Set up coreseek (sphinx + mmseg3) Installation

[Step 1] first install mmseg3

Cd/var/installwget http://www.coreseek.cn/uploads/csft/4.0/coreseek-4.1-beta.tar.gztar zxvf coreseek-4.1-beta.tar.gzcd coreseek-4.1-betacd mmseg-3.2.14. /bootstrap. /configure -- prefix =/usr/local/mmseg3make & make install: error: cannot find input file: src/Makefile. in or other errors similar to errors... solution: execute the following commands in sequence. An error occurs when I run 'aclocal'. For the solution, see the following description: yum-y install libtoolaclocallibtoolize -- forceautomake -- add-missingautoconfautoheadermake clean.

After 'libtool' is installed, continue to run the preceding commands starting from 'aclocal', and then run the initial installation process.

[Step 2] install coreseek

# Install coreseek $ cd csft-3.2.14 or cd csft-4.0.1 or cd csft-4.1 $ sh buildconf. sh # The output warning information can be ignored. If an error occurs, you need to solve the problem $. /configure -- prefix =/usr/local/coreseek -- without-unixodbc -- with-mmseg-separated des =/usr/local/mmseg3/include/mmseg/--- mmseg-libs =/usr/local/mmseg3/lib/-- with-mysql # If a mysql problem is prompted, for more information about how to install MySQL Data Sources, see http://www.coreseek.cn/product_install/install_on_bsd_linux/?mysql$ make & make install $ cd .. # command line test mmseg word segmentation, coreseek search (you need to set the character set to zh_CN.UTF-8 in advance to ensure the correct display of Chinese) $ cd testpack $ cat var/test. xml # Chinese $/usr/local/mmseg3/bin/mmseg-d/usr/local/mmseg3/etc var/test. xml $/usr/local/coreseek/bin/indexer-c etc/csft. conf -- all $/usr/local/coreseek/bin/search-c etc/csft. conf network search

The xmlpipe2 support NOT compiled in.
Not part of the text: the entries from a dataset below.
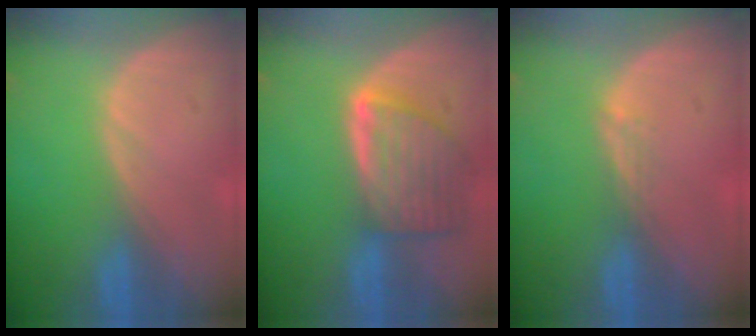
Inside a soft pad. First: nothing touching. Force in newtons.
{"total": 8.1, "press": 7.3, "slide": 3.4}
{"total": 1.5, "press": 1.0, "slide": 1.0}
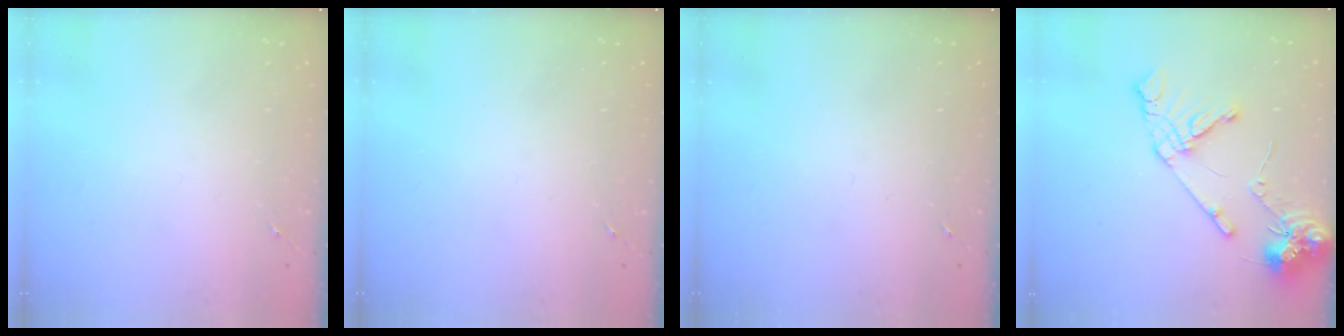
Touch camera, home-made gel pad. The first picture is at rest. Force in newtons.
{"total": 0.0}
{"total": 0.0}
{"total": 15.5, "press": 15.3, "slide": 2.3}
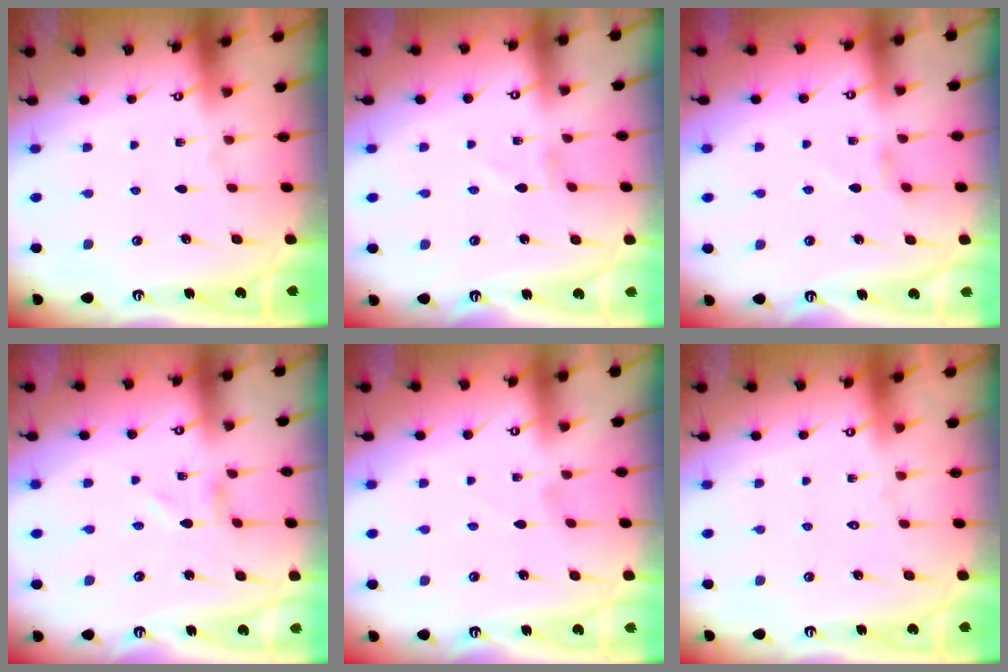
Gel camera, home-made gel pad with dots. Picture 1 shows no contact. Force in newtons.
{"total": 1.3, "press": 1.3, "slide": 0.1}
{"total": 1.8, "press": 1.8, "slide": 0.4}
{"total": 1.0, "press": 1.0, "slide": 0.0}
{"total": 0.9, "press": 0.9, "slide": 0.1}
{"total": 1.6, "press": 1.6, "slide": 0.1}
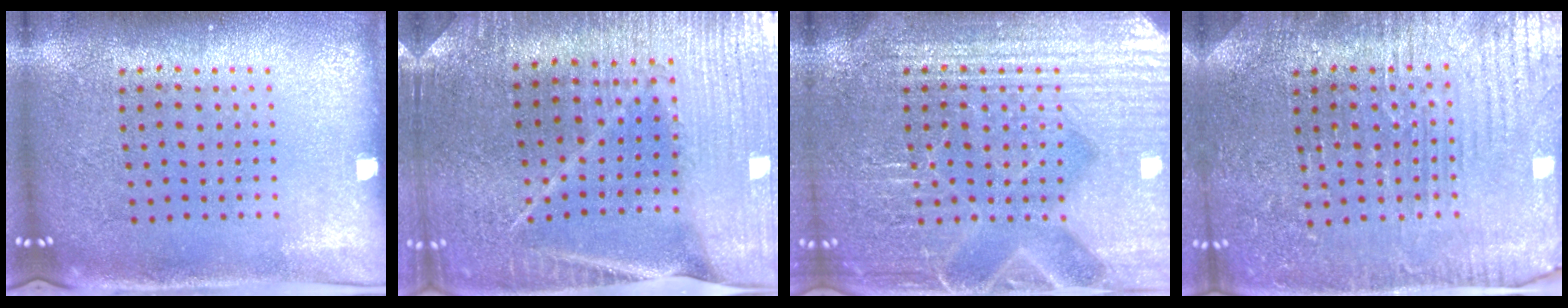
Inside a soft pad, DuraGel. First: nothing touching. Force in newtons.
{"total": 3.0, "press": 3.0, "slide": 0.3}
{"total": 4.5, "press": 4.5, "slide": 0.5}
{"total": 3.7, "press": 3.6, "slide": 0.9}

To use xmlpipe2 and install missing XML libra error occurs.

Run the following command:

yum -y install expat expat-devel

After the installation, re-compile coreseek and then generate the index.

The result is as follows:

Coreseek Fulltext 4.1 [sph00002.0.2-dev (r2922)] Copyright (c) 2007-2011, Beijing Choice Software Technologies Inc (http://www.coreseek.com) using config file 'etc/csft. conf '... index 'xml': query'network search': returned 1 matches of 1 total in 0.000 sec displaying matches: 1. document = 1, weight = 1590, published = Thu Apr 1 07:20:07 2010, author_id = 1 words: 1. 'network': 1 agents, 1 hits 2. 'search': 2 documents, 5 hits

The following describes how to configure sphtracing and mysql.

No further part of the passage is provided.